Friday, February 18, 2011

Oatmeal-Peanut Butter Trail Bars

{From "Reverse Diabetes}

Photo
When you bake your own “energy” bars, you can be assured that they include whole grains like rolled oats and whole-wheat flour, and healthy fats like canola oil, peanut butter, and walnuts. Peanut butter stands in for butter in these treats, reducing the saturated fat and boosting protein.
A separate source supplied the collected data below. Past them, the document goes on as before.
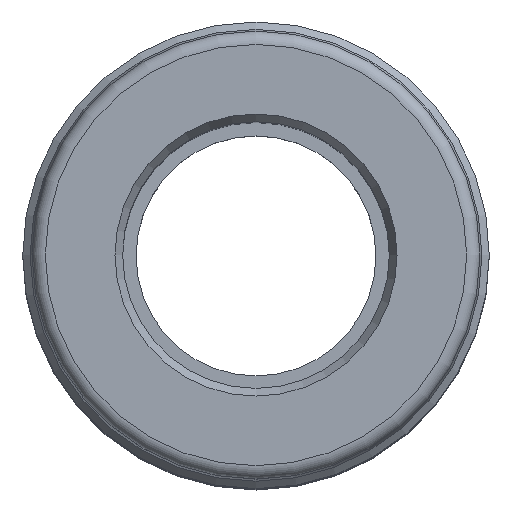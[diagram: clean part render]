
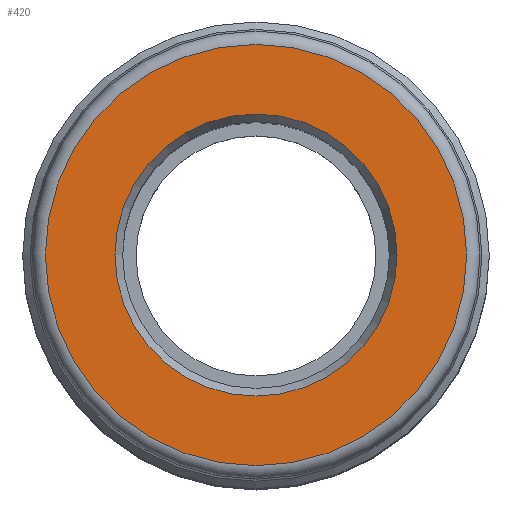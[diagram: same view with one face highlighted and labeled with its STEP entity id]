
A CAD part, top view. The second image highlights one B-rep face of the part: STEP entity #420.
In plain terms, the highlighted planar face has unit normal (0, 0, 1).
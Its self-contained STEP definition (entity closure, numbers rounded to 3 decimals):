
#50=ORIENTED_EDGE('',*,*,#130,.F.);
#51=ORIENTED_EDGE('',*,*,#131,.T.);
#130=EDGE_CURVE('',#170,#170,#210,.T.);
#131=EDGE_CURVE('',#171,#171,#211,.T.);
#170=VERTEX_POINT('',#718);
#171=VERTEX_POINT('',#720);
#210=CIRCLE('',#474,7.9);
#211=CIRCLE('',#475,5.289);
#250=EDGE_LOOP('',(#50));
#251=EDGE_LOOP('',(#51));
#330=FACE_BOUND('',#250,.T.);
#331=FACE_BOUND('',#251,.T.);
#410=PLANE('',#473);
#420=ADVANCED_FACE('',(#330,#331),#410,.F.);
#473=AXIS2_PLACEMENT_3D('',#716,#555,#556);
#474=AXIS2_PLACEMENT_3D('',#717,#557,#558);
#475=AXIS2_PLACEMENT_3D('',#719,#559,#560);
#555=DIRECTION('',(0.,0.,-1.));
#556=DIRECTION('',(-1.,0.,0.));
#557=DIRECTION('',(0.,0.,-1.));
#558=DIRECTION('',(-1.,0.,0.));
#559=DIRECTION('',(0.,0.,-1.));
#560=DIRECTION('',(-1.,0.,0.));
#716=CARTESIAN_POINT('',(0.,0.,20.5));
#717=CARTESIAN_POINT('',(0.,0.,20.5));
#718=CARTESIAN_POINT('',(-7.9,0.,20.5));
#719=CARTESIAN_POINT('',(0.,0.,20.5));
#720=CARTESIAN_POINT('',(-5.289,0.,20.5));
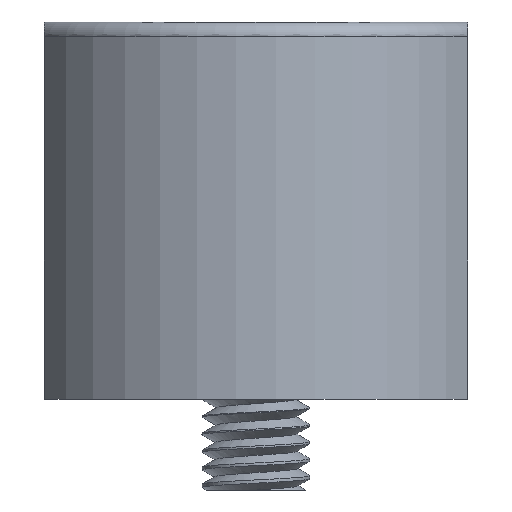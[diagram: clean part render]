
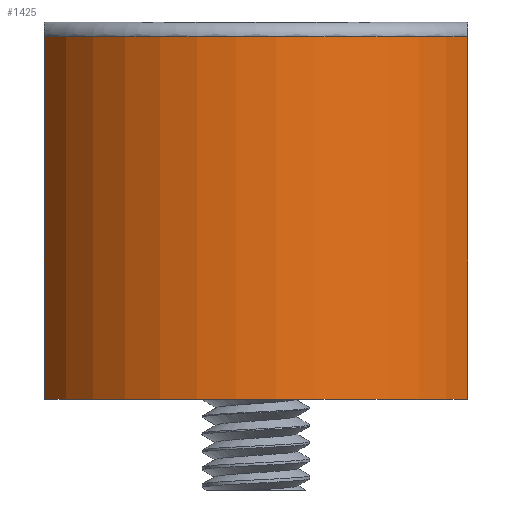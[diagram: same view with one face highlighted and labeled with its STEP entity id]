
A CAD part, front view. The second image highlights one B-rep face of the part: STEP entity #1425.
In plain terms, the highlighted cylindrical face has radius 12.7 mm (diameter 25.4 mm), a partial arc.
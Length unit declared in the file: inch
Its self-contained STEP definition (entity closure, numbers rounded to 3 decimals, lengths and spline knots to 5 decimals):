
#182=FACE_OUTER_BOUND('',#272,.T.);
#272=EDGE_LOOP('',(#1057,#1058,#1059,#1060));
#354=CIRCLE('',#1577,0.5);
#357=CIRCLE('',#1584,0.5);
#493=LINE('',#5158,#543);
#495=LINE('',#5181,#545);
#543=VECTOR('',#1787,0.3937);
#545=VECTOR('',#1801,0.3937);
#609=VERTEX_POINT('',#5108);
#612=VERTEX_POINT('',#5124);
#616=VERTEX_POINT('',#5156);
#619=VERTEX_POINT('',#5179);
#777=EDGE_CURVE('',#612,#609,#354,.T.);
#782=EDGE_CURVE('',#616,#612,#493,.T.);
#787=EDGE_CURVE('',#616,#619,#357,.T.);
#788=EDGE_CURVE('',#619,#609,#495,.T.);
#1057=ORIENTED_EDGE('',*,*,#777,.F.);
#1058=ORIENTED_EDGE('',*,*,#782,.F.);
#1059=ORIENTED_EDGE('',*,*,#787,.T.);
#1060=ORIENTED_EDGE('',*,*,#788,.T.);
#1396=CYLINDRICAL_SURFACE('',#1583,0.5);
#1425=ADVANCED_FACE('',(#182),#1396,.T.);
#1577=AXIS2_PLACEMENT_3D('',#5137,#1780,#1781);
#1583=AXIS2_PLACEMENT_3D('',#5178,#1797,#1798);
#1584=AXIS2_PLACEMENT_3D('',#5180,#1799,#1800);
#1780=DIRECTION('center_axis',(0.,0.,1.));
#1781=DIRECTION('ref_axis',(0.,1.,0.));
#1787=DIRECTION('',(0.,0.,1.));
#1797=DIRECTION('center_axis',(0.,0.,1.));
#1798=DIRECTION('ref_axis',(1.,0.,0.));
#1799=DIRECTION('center_axis',(0.,0.,1.));
#1800=DIRECTION('ref_axis',(1.,0.,0.));
#1801=DIRECTION('',(0.,0.,1.));
#5108=CARTESIAN_POINT('',(-0.4375,0.24206,0.75));
#5124=CARTESIAN_POINT('',(0.4375,0.24206,0.75));
#5137=CARTESIAN_POINT('Origin',(0.,0.,0.75));
#5156=CARTESIAN_POINT('',(0.4375,0.24206,0.));
#5158=CARTESIAN_POINT('',(0.4375,0.24206,0.));
#5178=CARTESIAN_POINT('Origin',(0.,0.,0.));
#5179=CARTESIAN_POINT('',(-0.4375,0.24206,0.));
#5180=CARTESIAN_POINT('Origin',(0.,0.,0.));
#5181=CARTESIAN_POINT('',(-0.4375,0.24206,0.));
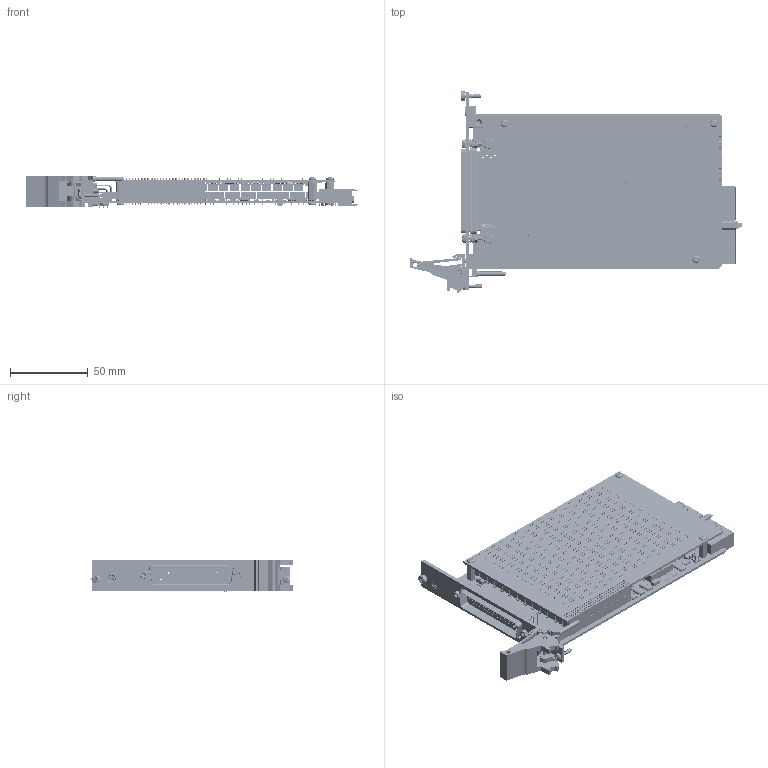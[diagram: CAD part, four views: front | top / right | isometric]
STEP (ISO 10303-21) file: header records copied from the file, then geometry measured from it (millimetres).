
FILE_DESCRIPTION (( 'STEP AP214' ), '1' );
FILE_NAME ('40-582-001 PXI 16x16 2 Pole VHD Matrix with BIRST.STEP', '2013-09-02T10:45:53', ( 'admin' ), ( '' ), 'SwSTEP 2.0', 'SolidWorks 2012', '' );
FILE_SCHEMA (( 'AUTOMOTIVE_DESIGN' ));
Length unit declared in the file: millimetre
Products named in the file (1): 40-582-001 PXI 16x16 2 Pole VHD Matrix with BIRST
Bounding box: 214.01 x 129.67 x 21 mm (x, y, z)
Surface area: 116811.3 mm2 (no closed solid volume)
Topology: 0 solids, 3559 shells, 9664 faces, 32833 edges, 25286 vertices
Faces by surface type: plane 5504, cylinder 3763, sphere 155, cone 142, bspline 51, torus 49
Full cylindrical faces by diameter (mm): 0.25 x2, 0.278 x3, 0.4 x2042, 0.5 x76, 0.6 x118, 0.7 x6, 0.711 x2, 0.75 x13, 0.77 x6, 0.8 x158, 1.19 x8, 1.496 x2, 2 x6, 2.05 x4, 2.16 x1, 2.45 x1, 2.5 x32, 2.595 x1, 2.6 x2, 2.7 x1, 2.8 x1, 2.9 x2, 3 x3, 3.2 x4, 4.7 x1, 4.85 x8, 5 x6, 5.2 x2, 5.3 x1, 5.5 x2
Entity records: 451248 total; most frequent: CARTESIAN_POINT 74787, DIRECTION 57563, ORIENTED_EDGE 39085, EDGE_CURVE 29833, VERTEX_POINT 25109, VECTOR 19723, LINE 19723, AXIS2_PLACEMENT_3D 18920

These bars make ideal snacks—tuck one into your pocket when you head out the door.

Ingredients
1/2 cup whole-wheat flour
1 teaspoon cinnamon
1/2 teaspoon baking soda
1/8 teaspoon salt
1/2 cup natural-style smooth peanut butter
1/2 cup firmly packed brown sugar
1/3 cup honey
1 large egg
2 large egg whites 
2 tablespoons canola oil
2 teaspoons vanilla extract
2 cups old-fashioned rolled oats
1 cup dried cranberries (or raisins)
1/2 cup coarsely chopped walnuts or almonds (2 ounces)
1/2 cup bittersweet or semisweet chocolate chips
Makes 24 bars

Preparation
1    Preheat the oven to 350°F. Coat a 9 x 13-inch baking pan with nonstick spray.
2    Whisk the flour, cinnamon, baking soda, and salt in a medium bowl. Beat the peanut butter, sugar, and honey in a large mixing bowl with an electric mixer until blended. Blend egg and egg whites with a fork in a small bowl. Add to the peanut butter mixture, along with oil and vanilla. Beat until smooth. Add reserved flour mixture and mix with a rubber spatula. Mix in oats, dried cranberries (or raisins), walnuts (or almonds), and chocolate chips. Scrape batter into the prepared baking dish. Use a piece of plastic wrap to spread batter into an even layer. 
3    Bake the bars until lightly browned and firm to the touch, 20 to 25 minutes. Let cool completely in the pan on a rack before cutting into 24 bars.  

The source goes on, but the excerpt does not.